2. The fish school detection method as claimed in claim 1 , wherein the feature extraction layer comprises: an initial feature extraction layer and an attention feature extraction layer;
wherein the extracting feature information of the to-be-detected fish school image based on the feature extraction layer, and determining a fish school feature map and an attention feature map according to the attention mechanism, comprises:
extracting, based on the initial feature extraction layer, the feature information of the to-be-detected fish school image to determine the fish school feature map; and
transforming the fish school feature map to determine the attention feature map based on the attention feature extraction layer, a coordinate attention mechanism, a channel attention mechanism and a spatial attention mechanism.
3. The fish school detection method as claimed in claim 2 , wherein the attention feature extraction layer comprises: a coordinate attention feature extraction layer and a convolutional block attention feature extraction layer; and the attention feature map comprises a coordinate attention feature map and a spatiotemporal attention feature map;
wherein the transforming the fish school feature map to determine the attention feature map based on the attention feature extraction layer, a coordinate attention mechanism, a channel attention mechanism and a spatial attention mechanism, comprises:
transforming, based on the coordinate attention feature extraction layer and the coordinate attention mechanism, the fish school feature map to determine the coordinate attention feature map; and
transforming, based on the convolutional block attention feature extraction layer and the channel attention mechanism, the fish school feature map to determine a channel attention feature map, and transforming, based on the spatial attention mechanism, the channel attention feature map to determine the spatiotemporal attention feature map.

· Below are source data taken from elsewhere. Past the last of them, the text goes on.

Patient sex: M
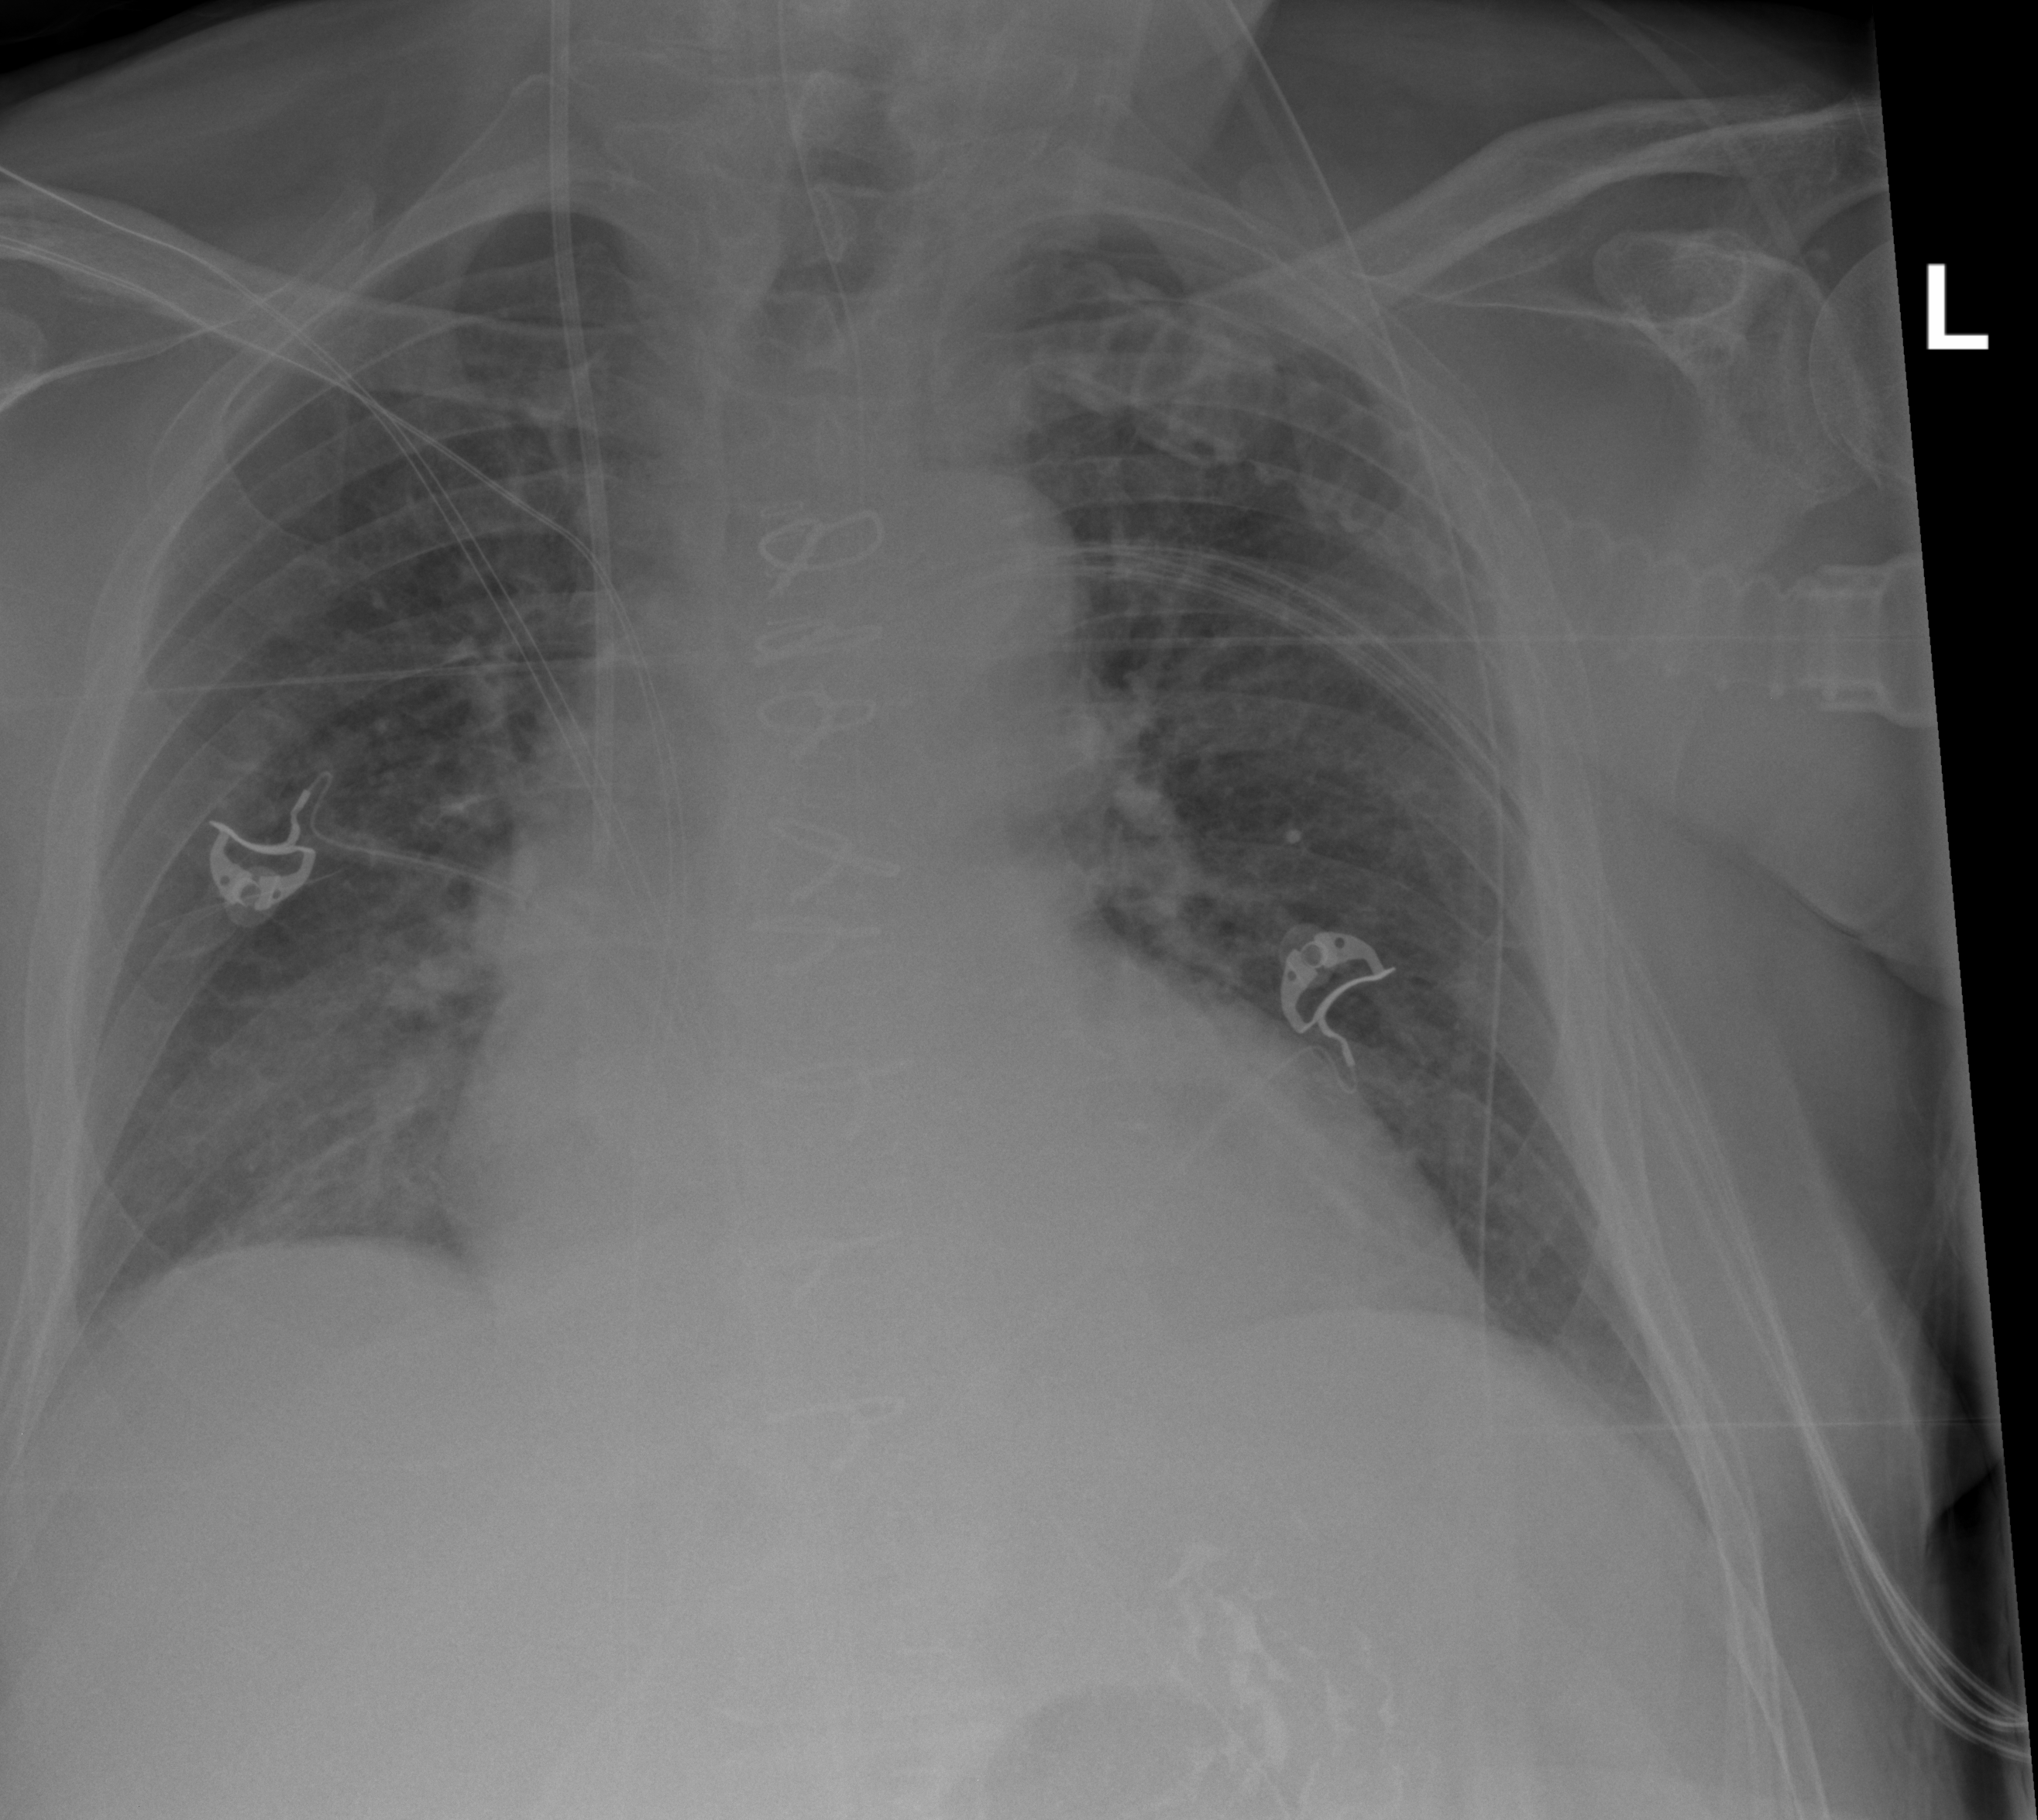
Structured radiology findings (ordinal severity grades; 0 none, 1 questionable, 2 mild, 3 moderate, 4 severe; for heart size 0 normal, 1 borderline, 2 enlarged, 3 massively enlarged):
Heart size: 2
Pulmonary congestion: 0
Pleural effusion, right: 1
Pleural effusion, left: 0
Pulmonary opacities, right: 0
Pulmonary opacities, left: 0
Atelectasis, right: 2
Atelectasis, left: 2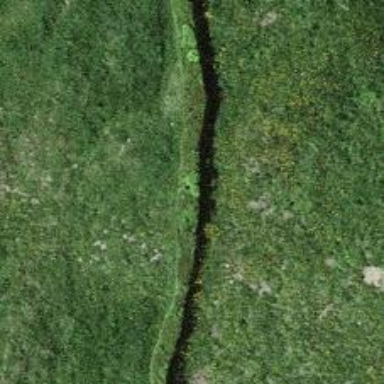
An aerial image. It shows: Hedge barrier.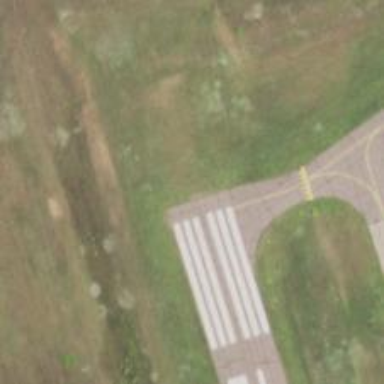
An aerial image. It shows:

4. The fish school detection method as claimed in claim 3 , wherein the fusing, based on the feature fusion layer, the fish school feature map and the attention feature map to determine the target fusion feature map, comprises:
fusing, based on the feature fusion layer and a feature pyramid network, the fish school feature map, the coordinate attention feature map and the spatiotemporal attention feature map to determine the target fusion feature map at three different scales.
5. The fish school detection method as claimed in claim 1 , wherein the determining a target fish school detection result based on the feature recognition layer and the target fusion feature map, comprises:
determining types and amounts of target fish in the to-be-detected fish school image based on the feature recognition layer and the target fusion feature map; and
determining the target fish school detection result by deleting duplicate detection values based on a non-maximum suppression algorithm.
6. The fish school detection method as claimed in claim 1 , before the inputting a to-be-detected fish school image into the fish school detection model, comprising: determining a network structure of the fish school detection model;
wherein the determining a network structure of the fish school detection model, comprises:
embedding a coordinate attention module and a convolutional block attention module sequentially in a backbone feature extraction network based on a you only look once (YOLOv5s) algorithm network structure.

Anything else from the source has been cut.